Canadian economic growth rebounds in third quarter
Ottawa – The Conference Board of Canada’s Chief Economist Craig Alexander offers the following insights on the third quarter GDP announcement: “The Canadian economy rebounded in the third quarter and this sets the stage for economic growth to accelerate from a roughly 1.3 per cent pace in 2016 to close to 2.0 per cent in 2017. However, some of the details of today’s report were discouraging. Business investment in machinery and equipment contracted last quarter and the rate of investment in recent years is below the pace of depreciation. This is undermining Canada’s future growth potential.”
· As anticipated, the Canadian economy rebounded in the third quarter from the Alberta-wildfire induced contraction in the second quarter. Despite a solid gain, the Canadian economy is still on track to deliver modest growth this year of around 1.3 percent. The latest real GDP estimates are modestly better than projected by the Bank of Canada in its October Monetary Policy Report and thus reduce the case for further rate cuts. As the economy steadily, but gradually, expands in the months ahead and benefits from federal fiscal stimulus, The Conference Board of Canada continues to expect monetary policy to remain on hold until mid-2018.
· The Canadian economy expanded by an annualized 3.5 per cent from July to September from a revised smaller annualized decline of 1.3 per cent during the April to June period. For the month of September, real GDP rose 0.3 per cent, providing a good handoff to the fourth quarter.
· Exports jumped higher by an annualized 8.9 per cent in the third quarter, led by energy exports that reversed their decline caused by the Fort McMurray fires.
· Consumer spending remained a solid foundation for economic growth, expanding at an annualized rate of 2.6 per cent from July to September. Household expenditure makes up close to 60 per cent of Gross Domestic Product.
· However, other details of the report were less encouraging. In particular, business investment in machinery and equipment (M&E) fell by an annualized 12.2 per cent in the third quarter. This is troubling, as investment in M&E has been a source of serial disappointment in recent years and Canadian firms are not even investing enough to offset the pace of depreciation. This means the capital stock in Canada is declining, and this has led the Conference Board to lower our assessment of Canada’s medium-term potential growth rate. In other words, weak investment today is hurting future growth prospects.

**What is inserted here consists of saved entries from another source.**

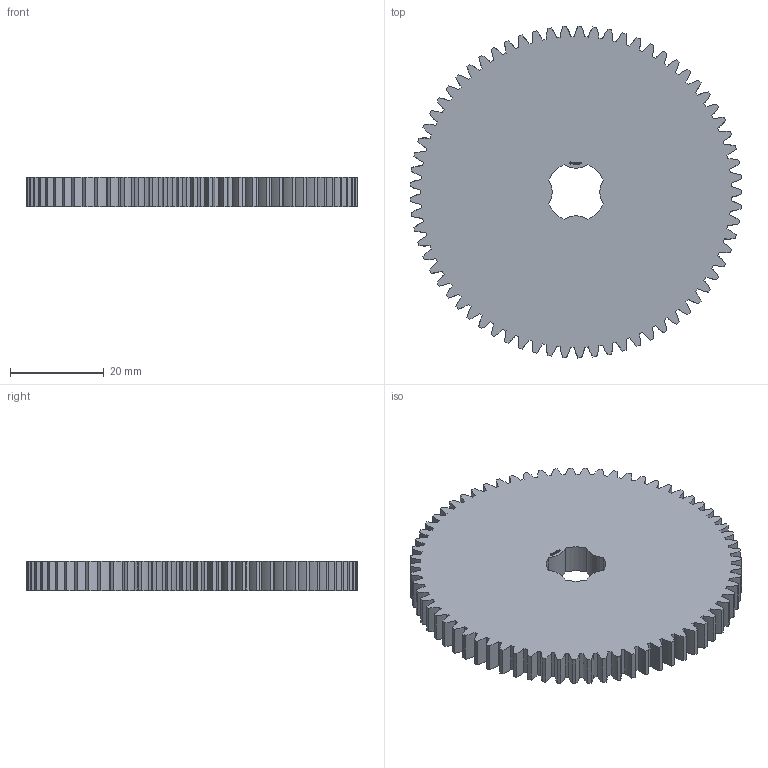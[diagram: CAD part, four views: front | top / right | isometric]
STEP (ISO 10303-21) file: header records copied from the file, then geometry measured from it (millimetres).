
FILE_DESCRIPTION(('FreeCAD Model'),'2;1');
FILE_NAME('Open CASCADE Shape Model','2024-03-10T23:01:30',(''),(''), 'Open CASCADE STEP processor 7.6','FreeCAD','Unknown');
FILE_SCHEMA(('AUTOMOTIVE_DESIGN { 1 0 10303 214 1 1 1 1 }'));
Products named in the file (1): Gear Wheel PLN TTH69 BU00.50 SFT-SHD - SPN-GWH-0254 (stemfie.org)
Bounding box: 70.98 x 71 x 6.25 mm (x, y, z)
Volume: 22585.2 mm3; surface area: 10215.1 mm2
Topology: 1 solids, 1 shells, 743 faces, 2133 edges, 1422 vertices
Faces by surface type: extrusion 406, plane 329, cylinder 8
Entity records: 70004 total; most frequent: CARTESIAN_POINT 25055, DIRECTION 5873, VECTOR 5149, LINE 4743, ORIENTED_EDGE 4266, PCURVE 4266, DEFINITIONAL_REPRESENTATION 4266, EDGE_CURVE 2133

· A $4.8 billion increase in inventories during the third quarter may also act as a headwind in the fourth quarter of this year as retailers and wholesalers work down their inventory levels, but this would simply add to the volatility in the economic growth statistics. The Conference Board anticipates growth slowing from 3.5 per cent last quarter to around 2.5 per cent in the final quarter of 2016.